I più attrezzati preparano un barbecue per la carne, ma se si predilige il movimento e la dinamicità, o semplicemente si è anche in due, entrano in scena i panini con frittata o con le cotolette, e le protagoniste per eccellenza: le pizze rustiche e i tortani ripieni.
Cicoli, ciccioli, curcùci (nel reggino), scarafuagli (nel cosentino). Nel basso tirreno cosentino e nel catanzarese si chiama “risimoglia”, io la chiamo così.
Si tratta di scarti di maiale con piccoli quantitativi di carne e grasso, fatti bollire diverse ore in un calderone, a quadàra, con acqua salata finchè non perdono struttura e diventano come una crema spalmabile, anche se leggermente più soda. I pezzi di carne e cartilagine più grandi vengono tolti e il fondo che si deposita nel calderone diventa risimoglia.

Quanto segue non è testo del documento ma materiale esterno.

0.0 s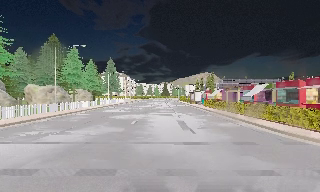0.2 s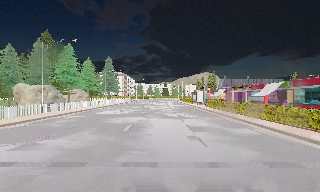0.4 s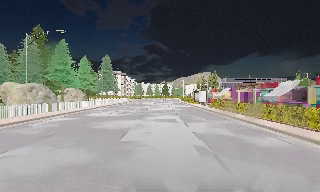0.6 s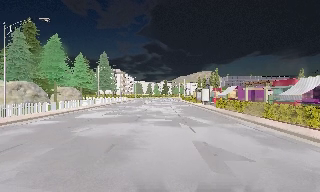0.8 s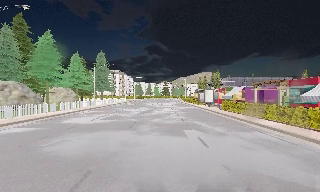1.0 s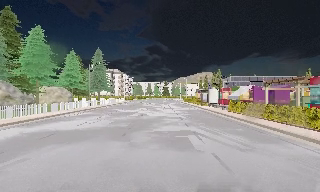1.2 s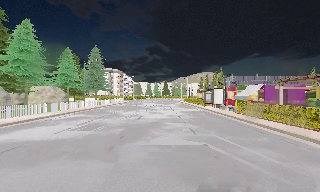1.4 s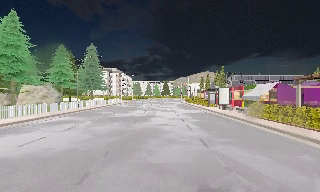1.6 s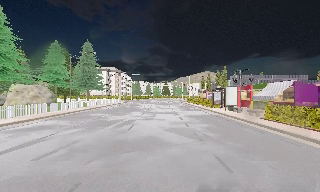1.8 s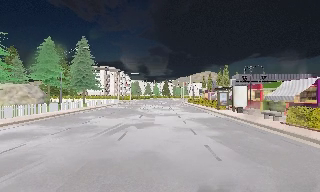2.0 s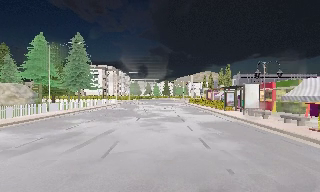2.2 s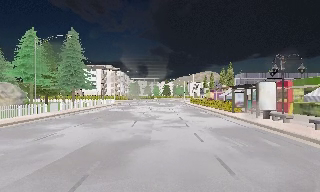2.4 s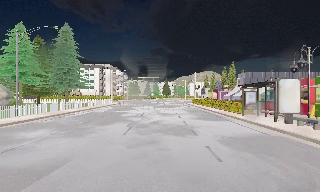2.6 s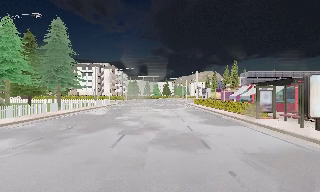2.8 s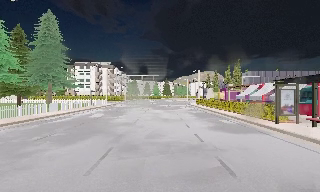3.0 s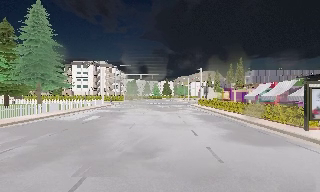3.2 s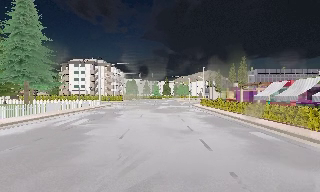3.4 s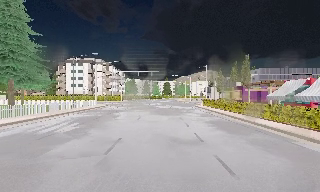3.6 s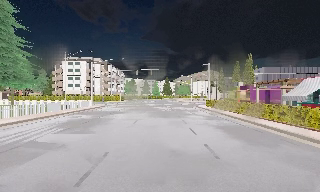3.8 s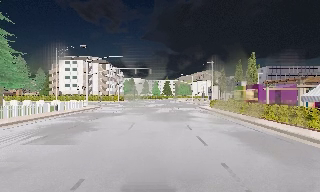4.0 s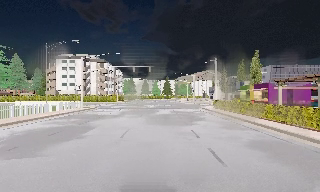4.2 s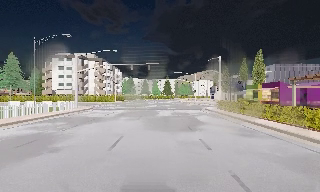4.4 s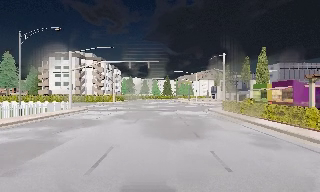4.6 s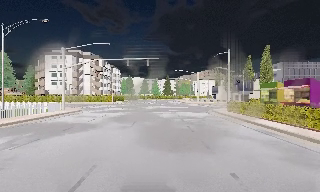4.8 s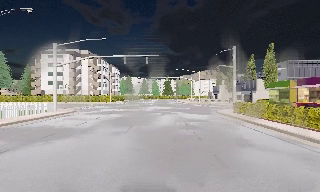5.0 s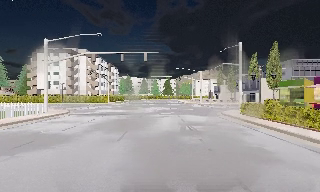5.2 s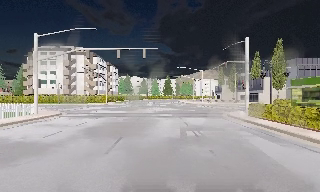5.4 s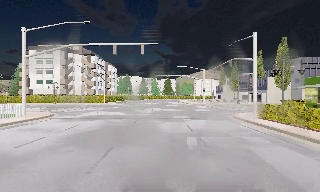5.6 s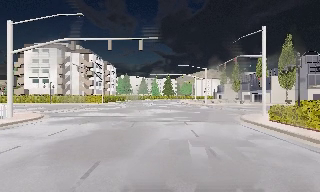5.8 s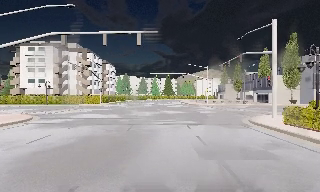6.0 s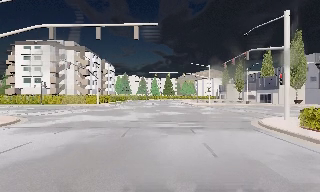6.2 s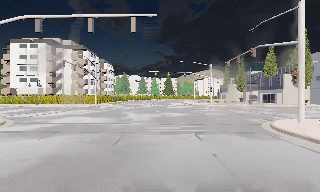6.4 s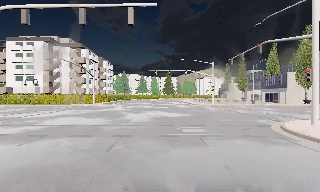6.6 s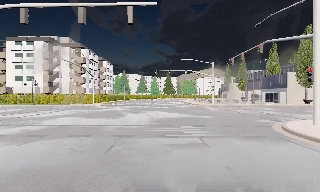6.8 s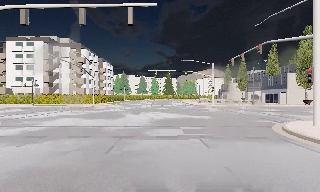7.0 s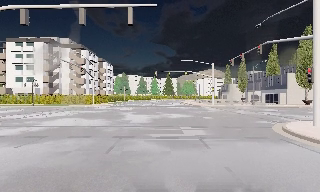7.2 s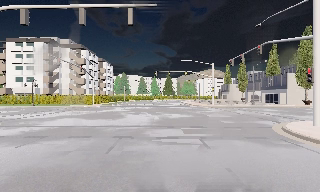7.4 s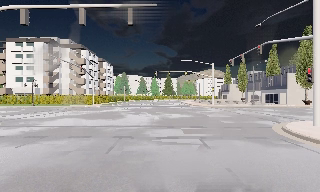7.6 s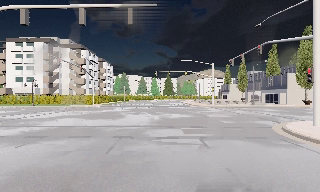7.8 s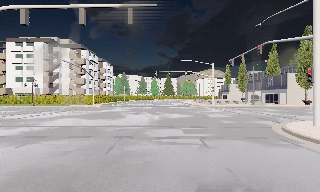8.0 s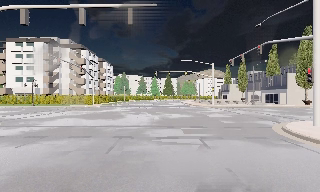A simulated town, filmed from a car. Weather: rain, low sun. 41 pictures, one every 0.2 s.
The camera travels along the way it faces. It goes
forward.
0.0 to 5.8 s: The camera travels forward, about 55 m, so what stands in front looms larger.
5.8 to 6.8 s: The camera travels forward, about 3.5 m, so what stands in front looms larger. It loses speed.
6.8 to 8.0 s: The camera keeps its place and its aim.
The film runs forward here.

La risimoglia è un ingrediente antico, legato al rito dell’uccisione del maiale e all’utilizzo di ogni parte dell’animale. In Calabria la produzione in proprio di salumi, risimoglia, sanguinaccio, sta sparendo. In molti, nelle campagne si impegnano a tenere viva la tradizione, ma è un’operazione che richiede molat sapienza ed esperienza, ecco perchè un tempo uccidere un maiale per ricavarne scorte annuali era un affare di quartiere e di vicinato. Le famiglie e i vicini si riunivano molto presto al mattino e cominciavano il lavoro. Era un evento che rispettava gerarchie di sesso e d’età: uomini e donne, anziani, adulti e bambini avevano ruoli prestabiliti e operavano in perfetta coordinazione. Quando il lavoro era completato, ci si metteva d’accordo per aiutare altri vicini o famiglie a fare lo stesso e dopo qualche tempo era uso scambiarsi i salumi per comparare la rispettiva riuscita.

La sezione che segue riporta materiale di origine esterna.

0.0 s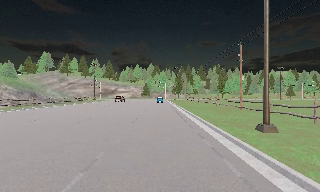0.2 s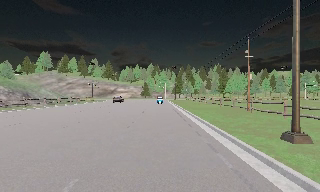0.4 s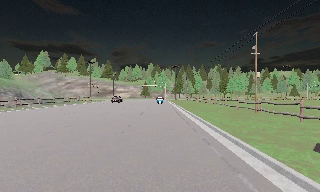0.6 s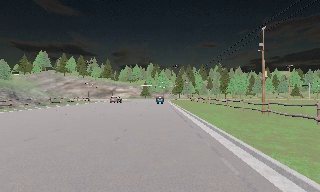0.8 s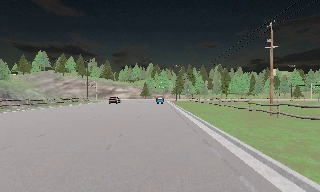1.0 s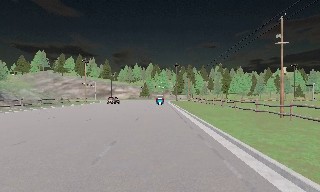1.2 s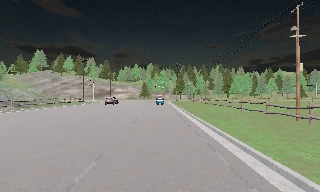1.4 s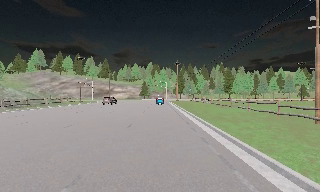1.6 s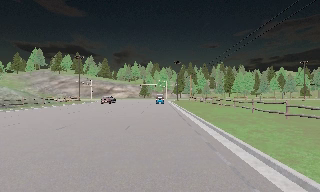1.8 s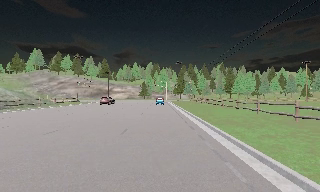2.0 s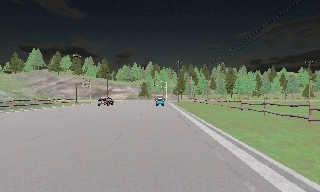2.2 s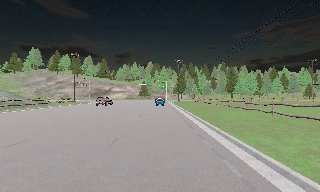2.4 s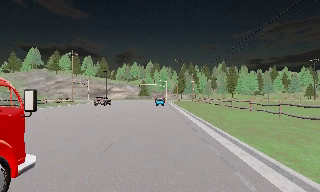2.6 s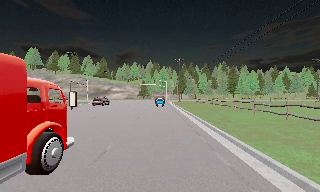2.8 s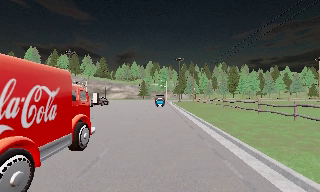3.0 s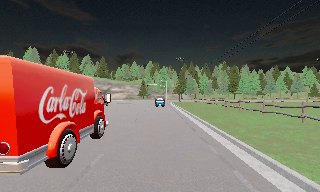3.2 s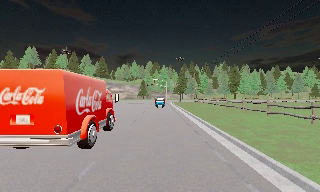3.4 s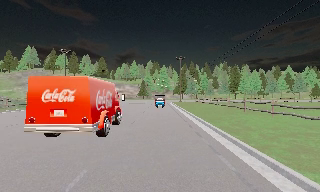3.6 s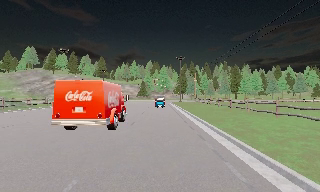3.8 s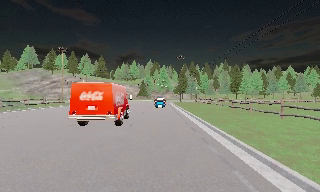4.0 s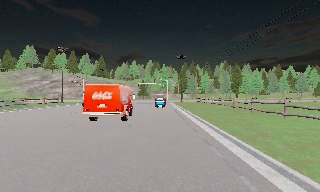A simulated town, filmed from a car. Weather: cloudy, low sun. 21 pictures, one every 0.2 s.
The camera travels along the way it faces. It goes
forward.
0.0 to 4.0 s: The camera travels forward, about 17 m, so what stands in front looms larger. It loses speed.
The film runs forward here.

La risimoglia ottenuta dalla bollitura degli scarti veniva conservata in vasi alti e stretti, ricoperti da uno strato di grasso puro per poterla conservare nel tempo, ed era l’ingrediente principe di pizze rustiche, torte rustiche e tortani ripieni al posto della sugna pura. Il ripieno di queste pietanze rustiche variava da zona a zona, dalle mie parti era costituito da salsiccia stagionata, caciocavallo e uova sode a pezzetti. Veniva inoltre consumata semplicemente sul pane caldo, o usata al posto dell’olio per fare l’uovo fritto.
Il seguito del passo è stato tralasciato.